The links between the new White House and Lower Manhattan wouldn't end with Geithner, Rubin, and Summers, however.
“It's Rahm,” Tom Nides told John Mack not long after Obama's election as president was made official on November 4, 2008. He was, of course, talking about Rahm Emanuel, one of the most powerful and aggressive Democrats in Congress, who had just been chosen to be the most powerful man in the new administration (after the president, of course): the chief of staff.
Nides, as it turns out, was one of the first people to know with any degree of certainty not just that Emanuel was Obama's choice for chief of staff (it had been rumored for some time before the election) but also that he would accept the offer. And there was good reason for Nides's insider information: He and Emanuel had been close friends for years, working their way up through the Democratic Party together back in the mid-1980s. While Emanuel chose to make a career primarily in politics and Nides primarily on Wall Street, both understood just how much they needed each other.
At least superficially, they are an odd couple. Emanuel is short, lean, and intense. He loves to scream and curse, not just at aides but also at reporters and even members of Congress: at anyone who stands in his way. One famous anecdote recounts how, after Bill Clinton's election, Emanuel repeatedly plunged a steak knife into the table, screaming the names of the people whom he saw as the president's enemies and shouting, “Dead! . . . Dead! . . . Dead!” after each one.
Nides is taller, softer around the middle, and affable—traits that made him so successful as a Washington DC flack and lobbyist and as an executive at Morgan Stanley, where his chief duties included lobbying and PR management (“flackery”).

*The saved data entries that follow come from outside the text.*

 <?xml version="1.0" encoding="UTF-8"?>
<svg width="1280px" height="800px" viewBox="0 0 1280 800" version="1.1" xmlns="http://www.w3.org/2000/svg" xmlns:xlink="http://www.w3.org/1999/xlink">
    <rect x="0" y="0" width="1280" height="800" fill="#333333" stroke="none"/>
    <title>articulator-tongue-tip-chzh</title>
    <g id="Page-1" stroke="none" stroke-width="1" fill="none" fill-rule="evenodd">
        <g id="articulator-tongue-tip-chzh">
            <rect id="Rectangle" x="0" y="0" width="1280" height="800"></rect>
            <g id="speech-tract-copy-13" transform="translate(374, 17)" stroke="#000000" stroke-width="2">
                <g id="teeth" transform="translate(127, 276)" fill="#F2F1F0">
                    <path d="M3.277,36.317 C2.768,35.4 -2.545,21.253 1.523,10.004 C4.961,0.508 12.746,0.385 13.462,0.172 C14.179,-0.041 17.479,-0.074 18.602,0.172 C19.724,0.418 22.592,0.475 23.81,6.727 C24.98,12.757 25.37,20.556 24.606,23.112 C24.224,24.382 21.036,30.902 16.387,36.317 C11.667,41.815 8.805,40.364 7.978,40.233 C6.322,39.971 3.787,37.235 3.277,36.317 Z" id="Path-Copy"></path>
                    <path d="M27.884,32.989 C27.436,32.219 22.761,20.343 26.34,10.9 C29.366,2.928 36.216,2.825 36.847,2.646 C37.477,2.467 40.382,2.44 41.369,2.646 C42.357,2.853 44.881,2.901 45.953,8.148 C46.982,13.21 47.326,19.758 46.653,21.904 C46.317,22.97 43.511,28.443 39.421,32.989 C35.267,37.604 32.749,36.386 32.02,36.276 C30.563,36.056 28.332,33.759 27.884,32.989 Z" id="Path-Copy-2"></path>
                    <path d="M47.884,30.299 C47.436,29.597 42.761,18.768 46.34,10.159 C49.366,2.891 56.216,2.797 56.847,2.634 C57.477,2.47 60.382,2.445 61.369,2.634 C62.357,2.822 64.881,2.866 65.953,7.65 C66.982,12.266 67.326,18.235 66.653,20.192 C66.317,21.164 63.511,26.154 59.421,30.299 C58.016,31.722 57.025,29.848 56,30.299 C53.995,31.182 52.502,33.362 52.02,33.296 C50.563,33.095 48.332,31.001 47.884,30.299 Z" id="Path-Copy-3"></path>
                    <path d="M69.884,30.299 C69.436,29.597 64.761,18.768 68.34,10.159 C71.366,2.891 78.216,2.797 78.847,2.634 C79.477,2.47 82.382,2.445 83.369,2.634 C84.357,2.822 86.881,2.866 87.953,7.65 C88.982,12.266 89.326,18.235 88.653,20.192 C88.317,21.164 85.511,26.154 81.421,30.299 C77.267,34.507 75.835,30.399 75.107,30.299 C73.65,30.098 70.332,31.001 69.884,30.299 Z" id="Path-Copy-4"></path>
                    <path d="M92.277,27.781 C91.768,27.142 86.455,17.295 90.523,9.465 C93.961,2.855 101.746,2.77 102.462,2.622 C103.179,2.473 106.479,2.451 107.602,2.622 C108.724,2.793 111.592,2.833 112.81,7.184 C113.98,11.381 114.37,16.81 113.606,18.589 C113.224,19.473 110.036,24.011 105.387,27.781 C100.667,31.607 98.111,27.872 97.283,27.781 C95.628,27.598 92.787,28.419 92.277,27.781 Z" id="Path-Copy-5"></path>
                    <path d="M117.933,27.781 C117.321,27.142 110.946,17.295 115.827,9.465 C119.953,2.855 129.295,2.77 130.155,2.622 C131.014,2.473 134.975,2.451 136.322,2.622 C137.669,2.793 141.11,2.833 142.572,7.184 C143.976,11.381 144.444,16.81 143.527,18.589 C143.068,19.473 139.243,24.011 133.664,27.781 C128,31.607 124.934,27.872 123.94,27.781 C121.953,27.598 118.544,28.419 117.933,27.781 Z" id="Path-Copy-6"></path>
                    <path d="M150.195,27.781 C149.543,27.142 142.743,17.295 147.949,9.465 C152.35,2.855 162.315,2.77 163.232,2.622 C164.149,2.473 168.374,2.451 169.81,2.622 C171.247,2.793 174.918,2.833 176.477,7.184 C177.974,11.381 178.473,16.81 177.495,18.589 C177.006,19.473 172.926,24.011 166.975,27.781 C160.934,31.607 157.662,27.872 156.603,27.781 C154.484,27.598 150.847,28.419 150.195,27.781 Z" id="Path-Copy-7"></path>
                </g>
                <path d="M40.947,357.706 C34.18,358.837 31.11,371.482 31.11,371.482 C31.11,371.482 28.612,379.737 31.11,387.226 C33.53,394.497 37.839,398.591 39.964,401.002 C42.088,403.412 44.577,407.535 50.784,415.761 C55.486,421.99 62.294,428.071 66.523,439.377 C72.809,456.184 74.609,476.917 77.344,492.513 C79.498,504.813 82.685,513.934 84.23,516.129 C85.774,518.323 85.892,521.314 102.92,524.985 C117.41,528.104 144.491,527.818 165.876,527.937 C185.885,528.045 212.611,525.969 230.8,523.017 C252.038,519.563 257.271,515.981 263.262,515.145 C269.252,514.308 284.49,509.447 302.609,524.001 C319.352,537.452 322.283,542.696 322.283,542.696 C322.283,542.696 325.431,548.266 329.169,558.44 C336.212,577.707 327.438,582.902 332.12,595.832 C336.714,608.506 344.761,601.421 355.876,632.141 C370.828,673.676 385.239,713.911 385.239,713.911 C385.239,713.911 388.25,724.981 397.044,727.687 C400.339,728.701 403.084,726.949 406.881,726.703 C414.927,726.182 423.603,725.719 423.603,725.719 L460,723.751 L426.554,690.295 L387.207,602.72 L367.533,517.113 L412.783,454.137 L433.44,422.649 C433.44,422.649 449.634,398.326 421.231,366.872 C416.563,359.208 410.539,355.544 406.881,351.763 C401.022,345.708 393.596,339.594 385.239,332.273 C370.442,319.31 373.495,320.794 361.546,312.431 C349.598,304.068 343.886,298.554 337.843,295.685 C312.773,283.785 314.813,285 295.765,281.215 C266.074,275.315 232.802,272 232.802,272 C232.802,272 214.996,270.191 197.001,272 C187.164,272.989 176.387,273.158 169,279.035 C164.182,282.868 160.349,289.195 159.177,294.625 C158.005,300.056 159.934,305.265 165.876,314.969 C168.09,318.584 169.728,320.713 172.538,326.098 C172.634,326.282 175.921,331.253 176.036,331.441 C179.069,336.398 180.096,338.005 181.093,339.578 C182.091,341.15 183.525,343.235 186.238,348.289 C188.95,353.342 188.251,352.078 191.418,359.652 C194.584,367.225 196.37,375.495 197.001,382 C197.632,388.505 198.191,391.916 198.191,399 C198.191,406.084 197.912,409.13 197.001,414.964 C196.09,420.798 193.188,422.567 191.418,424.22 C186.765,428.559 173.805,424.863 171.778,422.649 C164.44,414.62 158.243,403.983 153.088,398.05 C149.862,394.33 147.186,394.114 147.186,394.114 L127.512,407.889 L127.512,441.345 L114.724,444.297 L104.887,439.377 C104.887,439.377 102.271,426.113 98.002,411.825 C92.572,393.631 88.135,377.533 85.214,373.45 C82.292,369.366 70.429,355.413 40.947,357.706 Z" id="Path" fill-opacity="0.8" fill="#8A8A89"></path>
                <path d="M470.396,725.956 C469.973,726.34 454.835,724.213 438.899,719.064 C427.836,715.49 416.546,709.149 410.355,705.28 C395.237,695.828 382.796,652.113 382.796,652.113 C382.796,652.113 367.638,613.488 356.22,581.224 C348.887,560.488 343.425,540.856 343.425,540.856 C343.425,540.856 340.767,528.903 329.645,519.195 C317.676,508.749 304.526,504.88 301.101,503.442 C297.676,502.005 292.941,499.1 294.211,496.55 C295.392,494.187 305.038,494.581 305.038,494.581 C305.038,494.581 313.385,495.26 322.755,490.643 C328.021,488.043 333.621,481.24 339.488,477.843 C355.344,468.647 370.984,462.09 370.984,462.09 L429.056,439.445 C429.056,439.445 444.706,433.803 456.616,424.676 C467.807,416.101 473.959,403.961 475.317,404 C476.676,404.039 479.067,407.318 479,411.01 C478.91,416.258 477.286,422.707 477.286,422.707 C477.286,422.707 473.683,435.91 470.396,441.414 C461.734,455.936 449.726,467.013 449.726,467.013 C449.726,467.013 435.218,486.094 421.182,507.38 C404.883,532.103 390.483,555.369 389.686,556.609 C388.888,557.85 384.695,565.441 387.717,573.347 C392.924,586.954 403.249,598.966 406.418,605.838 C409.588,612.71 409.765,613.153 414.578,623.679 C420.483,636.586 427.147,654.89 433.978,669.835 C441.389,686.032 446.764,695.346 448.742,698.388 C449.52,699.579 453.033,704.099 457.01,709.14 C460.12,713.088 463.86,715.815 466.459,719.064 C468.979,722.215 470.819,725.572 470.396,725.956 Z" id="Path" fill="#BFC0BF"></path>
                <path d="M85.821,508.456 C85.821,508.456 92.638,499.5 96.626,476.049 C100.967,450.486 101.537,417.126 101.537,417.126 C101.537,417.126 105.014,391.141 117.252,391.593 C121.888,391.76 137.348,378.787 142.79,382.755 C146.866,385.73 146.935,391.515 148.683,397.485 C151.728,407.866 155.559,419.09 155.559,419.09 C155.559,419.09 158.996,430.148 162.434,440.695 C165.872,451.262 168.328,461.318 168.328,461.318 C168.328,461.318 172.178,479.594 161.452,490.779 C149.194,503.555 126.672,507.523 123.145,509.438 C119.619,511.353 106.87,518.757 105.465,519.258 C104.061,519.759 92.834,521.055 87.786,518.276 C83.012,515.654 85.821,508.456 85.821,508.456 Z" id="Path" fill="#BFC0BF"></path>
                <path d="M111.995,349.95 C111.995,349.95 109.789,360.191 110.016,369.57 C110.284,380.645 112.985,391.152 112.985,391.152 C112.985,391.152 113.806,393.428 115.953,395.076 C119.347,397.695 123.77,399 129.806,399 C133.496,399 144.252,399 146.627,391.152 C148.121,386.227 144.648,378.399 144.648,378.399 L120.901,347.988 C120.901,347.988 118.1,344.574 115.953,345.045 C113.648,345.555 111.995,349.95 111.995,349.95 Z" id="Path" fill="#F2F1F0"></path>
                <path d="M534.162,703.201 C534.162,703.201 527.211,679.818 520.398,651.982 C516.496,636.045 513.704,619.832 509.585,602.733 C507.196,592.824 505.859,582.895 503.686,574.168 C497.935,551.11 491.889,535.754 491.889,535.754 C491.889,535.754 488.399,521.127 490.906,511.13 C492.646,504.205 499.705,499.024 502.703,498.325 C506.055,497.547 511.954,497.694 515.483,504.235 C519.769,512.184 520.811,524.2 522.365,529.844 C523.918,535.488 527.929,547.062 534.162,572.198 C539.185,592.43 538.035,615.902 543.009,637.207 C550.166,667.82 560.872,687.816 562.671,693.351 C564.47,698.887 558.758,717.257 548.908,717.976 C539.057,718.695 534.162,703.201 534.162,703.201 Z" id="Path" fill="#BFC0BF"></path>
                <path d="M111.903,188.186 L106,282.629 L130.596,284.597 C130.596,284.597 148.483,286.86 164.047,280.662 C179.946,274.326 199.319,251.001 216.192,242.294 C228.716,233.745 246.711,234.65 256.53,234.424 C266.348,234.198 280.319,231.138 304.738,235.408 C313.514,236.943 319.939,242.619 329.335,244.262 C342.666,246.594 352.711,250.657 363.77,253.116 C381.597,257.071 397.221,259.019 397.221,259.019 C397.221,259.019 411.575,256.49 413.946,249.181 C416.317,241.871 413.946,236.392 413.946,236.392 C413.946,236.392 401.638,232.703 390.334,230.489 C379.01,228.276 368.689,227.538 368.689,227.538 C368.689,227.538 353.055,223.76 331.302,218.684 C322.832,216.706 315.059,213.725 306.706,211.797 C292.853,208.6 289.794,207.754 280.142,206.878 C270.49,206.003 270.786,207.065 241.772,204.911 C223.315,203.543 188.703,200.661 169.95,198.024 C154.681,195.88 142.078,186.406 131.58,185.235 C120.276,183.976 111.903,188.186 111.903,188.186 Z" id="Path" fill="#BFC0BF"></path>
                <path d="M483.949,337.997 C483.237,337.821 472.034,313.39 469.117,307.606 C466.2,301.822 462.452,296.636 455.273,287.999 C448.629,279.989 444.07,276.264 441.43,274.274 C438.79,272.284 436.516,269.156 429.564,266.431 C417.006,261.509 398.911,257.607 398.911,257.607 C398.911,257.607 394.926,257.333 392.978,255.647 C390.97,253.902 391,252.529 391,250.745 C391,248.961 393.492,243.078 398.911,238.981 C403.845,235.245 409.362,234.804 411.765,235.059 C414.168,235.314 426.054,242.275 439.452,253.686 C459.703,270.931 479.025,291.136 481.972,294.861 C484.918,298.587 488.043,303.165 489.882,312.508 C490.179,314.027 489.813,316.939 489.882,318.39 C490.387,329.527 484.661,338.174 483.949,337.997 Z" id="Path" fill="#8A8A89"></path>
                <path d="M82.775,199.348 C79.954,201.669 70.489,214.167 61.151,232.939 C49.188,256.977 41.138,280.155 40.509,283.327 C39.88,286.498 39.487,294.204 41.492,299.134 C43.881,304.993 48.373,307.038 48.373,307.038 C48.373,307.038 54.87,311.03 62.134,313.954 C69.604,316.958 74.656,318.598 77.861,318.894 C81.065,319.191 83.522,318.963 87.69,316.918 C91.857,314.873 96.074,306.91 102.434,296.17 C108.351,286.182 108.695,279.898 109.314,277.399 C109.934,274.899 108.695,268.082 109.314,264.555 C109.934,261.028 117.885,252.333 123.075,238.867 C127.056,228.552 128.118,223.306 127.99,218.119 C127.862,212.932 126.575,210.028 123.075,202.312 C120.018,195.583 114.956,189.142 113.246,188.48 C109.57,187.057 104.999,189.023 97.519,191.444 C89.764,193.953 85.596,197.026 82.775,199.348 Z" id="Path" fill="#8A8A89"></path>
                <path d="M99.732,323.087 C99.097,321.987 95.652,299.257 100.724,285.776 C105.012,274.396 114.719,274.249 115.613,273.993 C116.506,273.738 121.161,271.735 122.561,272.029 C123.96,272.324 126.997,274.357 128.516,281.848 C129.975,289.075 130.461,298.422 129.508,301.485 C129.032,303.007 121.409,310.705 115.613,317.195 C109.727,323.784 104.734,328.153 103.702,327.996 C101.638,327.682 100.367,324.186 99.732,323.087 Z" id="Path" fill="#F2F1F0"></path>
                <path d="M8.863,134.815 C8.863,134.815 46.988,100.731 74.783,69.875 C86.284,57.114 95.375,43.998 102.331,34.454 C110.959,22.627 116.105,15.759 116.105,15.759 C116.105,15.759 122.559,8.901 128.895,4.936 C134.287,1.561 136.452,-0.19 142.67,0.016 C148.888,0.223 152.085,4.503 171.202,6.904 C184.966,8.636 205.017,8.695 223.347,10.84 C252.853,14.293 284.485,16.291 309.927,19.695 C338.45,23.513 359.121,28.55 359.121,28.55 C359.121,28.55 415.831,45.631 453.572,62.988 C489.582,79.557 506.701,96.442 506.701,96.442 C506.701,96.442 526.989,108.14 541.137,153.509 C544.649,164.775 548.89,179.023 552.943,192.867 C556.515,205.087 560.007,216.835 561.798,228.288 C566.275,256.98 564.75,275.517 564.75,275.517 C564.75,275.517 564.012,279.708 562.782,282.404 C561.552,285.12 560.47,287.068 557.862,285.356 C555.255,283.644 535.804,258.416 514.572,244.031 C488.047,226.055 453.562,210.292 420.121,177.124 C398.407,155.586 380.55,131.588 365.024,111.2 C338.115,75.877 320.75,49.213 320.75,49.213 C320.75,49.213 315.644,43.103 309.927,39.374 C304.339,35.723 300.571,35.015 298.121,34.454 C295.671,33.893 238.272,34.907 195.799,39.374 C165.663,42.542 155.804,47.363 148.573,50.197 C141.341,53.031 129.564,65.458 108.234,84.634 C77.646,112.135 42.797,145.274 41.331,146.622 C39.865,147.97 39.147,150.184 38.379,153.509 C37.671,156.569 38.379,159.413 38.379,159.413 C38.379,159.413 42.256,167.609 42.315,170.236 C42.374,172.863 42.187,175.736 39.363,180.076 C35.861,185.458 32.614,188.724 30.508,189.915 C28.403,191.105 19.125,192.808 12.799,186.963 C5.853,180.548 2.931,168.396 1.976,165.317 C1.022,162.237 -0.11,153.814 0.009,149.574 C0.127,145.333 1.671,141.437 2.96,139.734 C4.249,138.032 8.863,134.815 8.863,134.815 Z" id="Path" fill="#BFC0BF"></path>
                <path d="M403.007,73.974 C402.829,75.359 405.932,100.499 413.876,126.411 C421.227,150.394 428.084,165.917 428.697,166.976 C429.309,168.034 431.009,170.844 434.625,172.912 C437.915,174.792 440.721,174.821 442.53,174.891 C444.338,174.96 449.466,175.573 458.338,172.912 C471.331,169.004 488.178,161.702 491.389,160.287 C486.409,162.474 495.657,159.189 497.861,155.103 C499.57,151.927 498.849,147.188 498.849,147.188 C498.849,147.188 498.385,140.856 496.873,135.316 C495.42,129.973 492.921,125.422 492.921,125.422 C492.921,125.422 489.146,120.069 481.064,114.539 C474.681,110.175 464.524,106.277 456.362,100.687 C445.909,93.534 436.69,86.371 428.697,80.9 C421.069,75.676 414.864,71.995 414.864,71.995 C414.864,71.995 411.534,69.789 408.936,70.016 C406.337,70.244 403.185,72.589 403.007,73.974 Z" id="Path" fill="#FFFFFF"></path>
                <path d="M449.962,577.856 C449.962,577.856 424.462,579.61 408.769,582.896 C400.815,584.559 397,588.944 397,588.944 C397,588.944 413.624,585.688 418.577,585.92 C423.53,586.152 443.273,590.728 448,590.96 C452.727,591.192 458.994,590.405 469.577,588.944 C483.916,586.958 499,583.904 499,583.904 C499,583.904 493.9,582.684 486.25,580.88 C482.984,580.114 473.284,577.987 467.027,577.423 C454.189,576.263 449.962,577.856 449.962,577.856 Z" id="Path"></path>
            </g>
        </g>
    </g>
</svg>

In reality, they have much more in common. Both have straddled the Wall Street-Washington nexus for the past twenty-five years, and done so successfully, something that might come as a surprise in Emanuel's case. Indeed, much has been made of Emanuel's long political career—as a party operative; a Clinton administration hatchet man (where his tough style earned him the nickname “Rahmbo”); later as Chicago's representative in Congress, where as chairman of the Democratic Congressional Campaign Committee (DCCC) he emerged as a leading force in helping the Democrats take control of the House; and finally as Obama's chief of staff.